Skitnet Malware Enables Stealthy Post-Exploitation and Lateral Movement in Ransomware Attacks
Skitnet, or Bossnet, is a multi-stage malware tool increasingly used by ransomware groups for post-exploitation and remote control. First advertised on underground forums in April 2024, it became active in real-world attacks by early 2025, including phishing campaigns by Black Basta targeting corporate environments. Developed by a threat actor tracked as LARVA-306, Skitnet uses a Rust-based binary to decrypt and execute an embedded Nim payload that establishes a reverse shell over DNS. This method allows the malware to bypass traditional detection by avoiding standard import tables and using dynamic API resolution. Once deployed, it launches multiple threads that handle DNS-based command retrieval and execution every ten seconds. The malware communicates with a C2 server and enables full control of compromised systems, including lateral movement and payload delivery. Skitnet supports commands for persistence, remote access, data collection, and further exploitation.

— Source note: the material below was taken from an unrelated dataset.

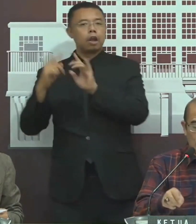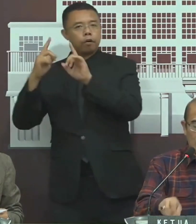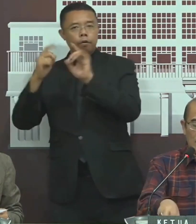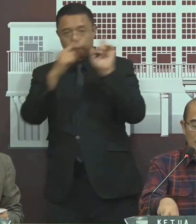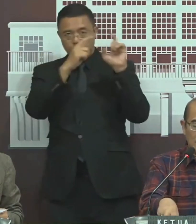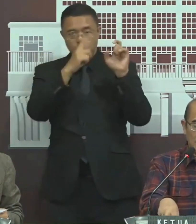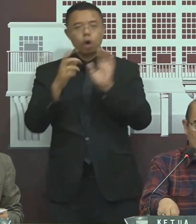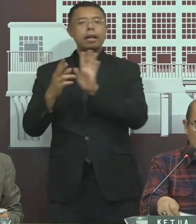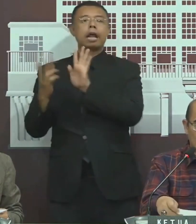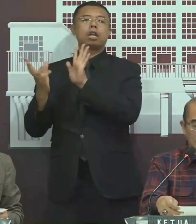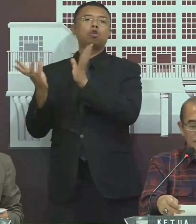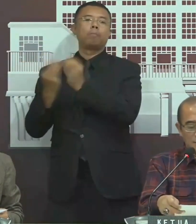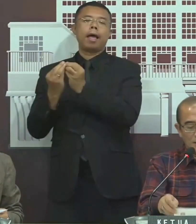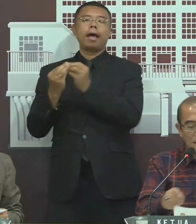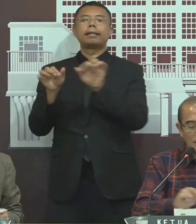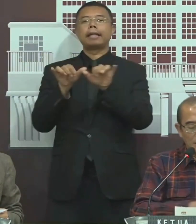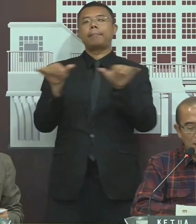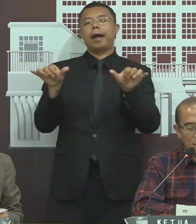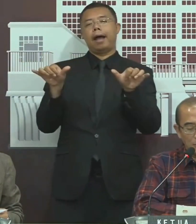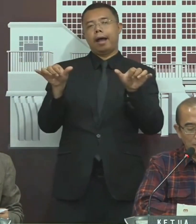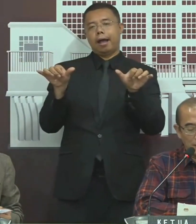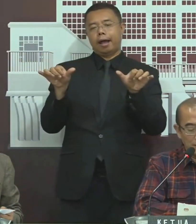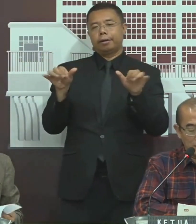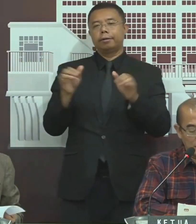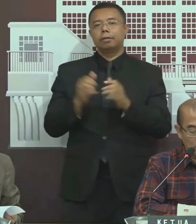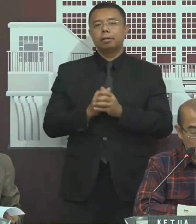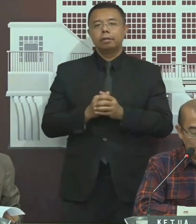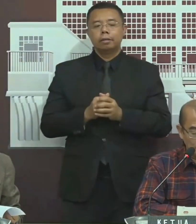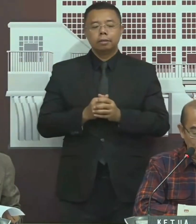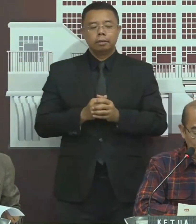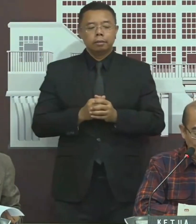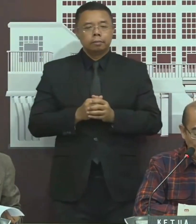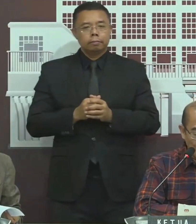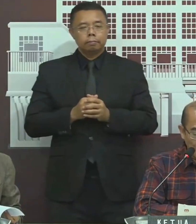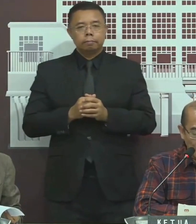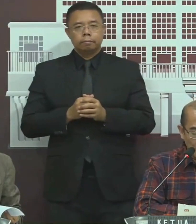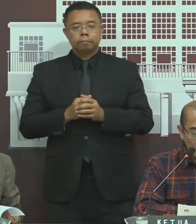Dari form C hasil perano TPS tersebut

It creates startup shortcuts, captures desktop screenshots, deploys remote access tools like AnyDesk or Remote Utilities, executes PowerShell scripts from remote servers, and gathers information on installed security software. It can also download and run additional payloads through a .NET loader component. The malware’s DNS communication channel and use of multiple programming languages make it difficult to detect and analyze. Its structure and capabilities are designed for stealth and adaptability, enabling attackers to maintain long-term access and move laterally within compromised networks. Skitnet's use by ransomware actors highlights its role in advanced intrusion campaigns and the need for stronger controls around phishing, DNS traffic, and script execution.